低剂量计算机断层扫描肺癌筛查对于降低肺癌死亡率有效。了解居住在阿拉巴马州和佐治亚州符合筛查条件的个体的肺癌筛查情况至关重要,在这两个州肺癌是癌症死亡的主要原因。肺癌的高发病率和死亡率归因于服务不足、低收入和农村人口中的高吸烟率。因此,本研究的目的是确定在阿拉巴马州的一家学术医疗中心(AMC)和佐治亚州的一家安全网医院(SNH)接受肺癌筛查的患者的社会人口统计学和临床特征。
分别使用2015年至2020年期间在一家学术医疗中心(AMC)和一家安全网医院(SNH)的电子健康记录,构建了一项针对符合筛查条件患者的回顾性队列研究。使用卡方检验和学生t检验比较不同患者人口统计学和临床变量的筛查接受情况。二元和多元逻辑回归确定了肺癌筛查接受情况的显著预测因素。

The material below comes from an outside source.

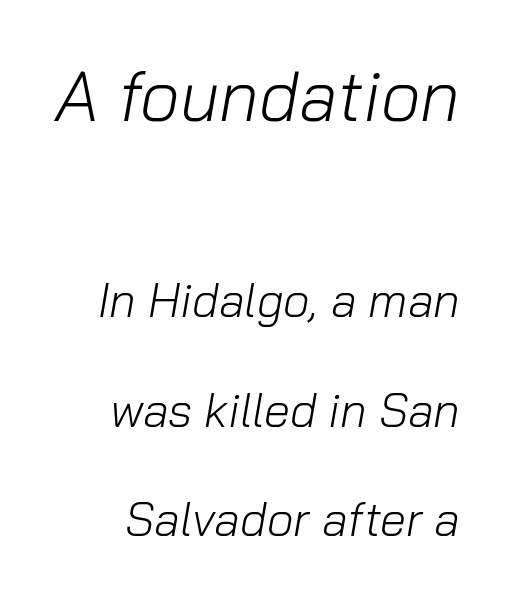
Is this a fixed-width face? No — the glyphs have proportional, varying widths. Vertically, the passage feels expansive, rows floating well apart. This is not heavy type; no bold has been used. The space directly below the letters is spotless. Note: larger setting up top, smaller setting below.
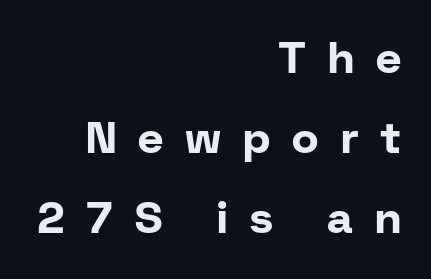
{"serif": "no", "italic": "no", "bold": "yes", "weight": "bold", "width": "normal", "stroke_contrast": "low", "x_height": "medium", "monospaced": "no", "underline": "no", "align": "right", "line_spacing_ratio": 1.82, "letter_spacing": "wide", "letter_spacing_em": 0.5, "glyph_px": 44}

在AMC,有67355人被确定符合低剂量计算机断层扫描肺癌筛查条件,其中1129人接受了筛查。在二元分析中,接受筛查者和未接受筛查者之间存在一些差异。在阿拉巴马州的医疗机构——当前吸烟者接受筛查的可能性显著高于既往吸烟者(比值比:3.208,p < 0.01)。距离每增加10个单位,筛查的几率降低约15%(比值比:0.848,p < 0.01)。年龄每增加10岁,筛查的几率降低约30%(比值比:0.704,p < 0.01)。每增加一种合并症,筛查的几率增加约7.5%(比值比:1.075,p < 0.01)。同时拥有私人保险和公共保险的人接受筛查的几率比仅拥有私人保险的人高得多(比值比:5.403,p < 0.01)。然而,仅拥有公共保险的人接受筛查的几率比拥有私人保险的人低(比值比:0.393,p < 0.01)。在SNH,每增加一种合并症,筛查的几率增加约11.9%(比值比:1.119,p = 0.01)。值得注意的是,拥有公共保险的人接受筛查的几率比拥有私人保险的人显著更高(比值比:2.566,p < 0.01)。
该研究提供了证据表明低剂量计算机断层扫描肺癌筛查尚未覆盖所有亚组,需要额外的针对性努力来提高肺癌筛查的接受率。此外,注意到居住在距离筛查机构较近的成年人与居住较远的成年人之间存在差异。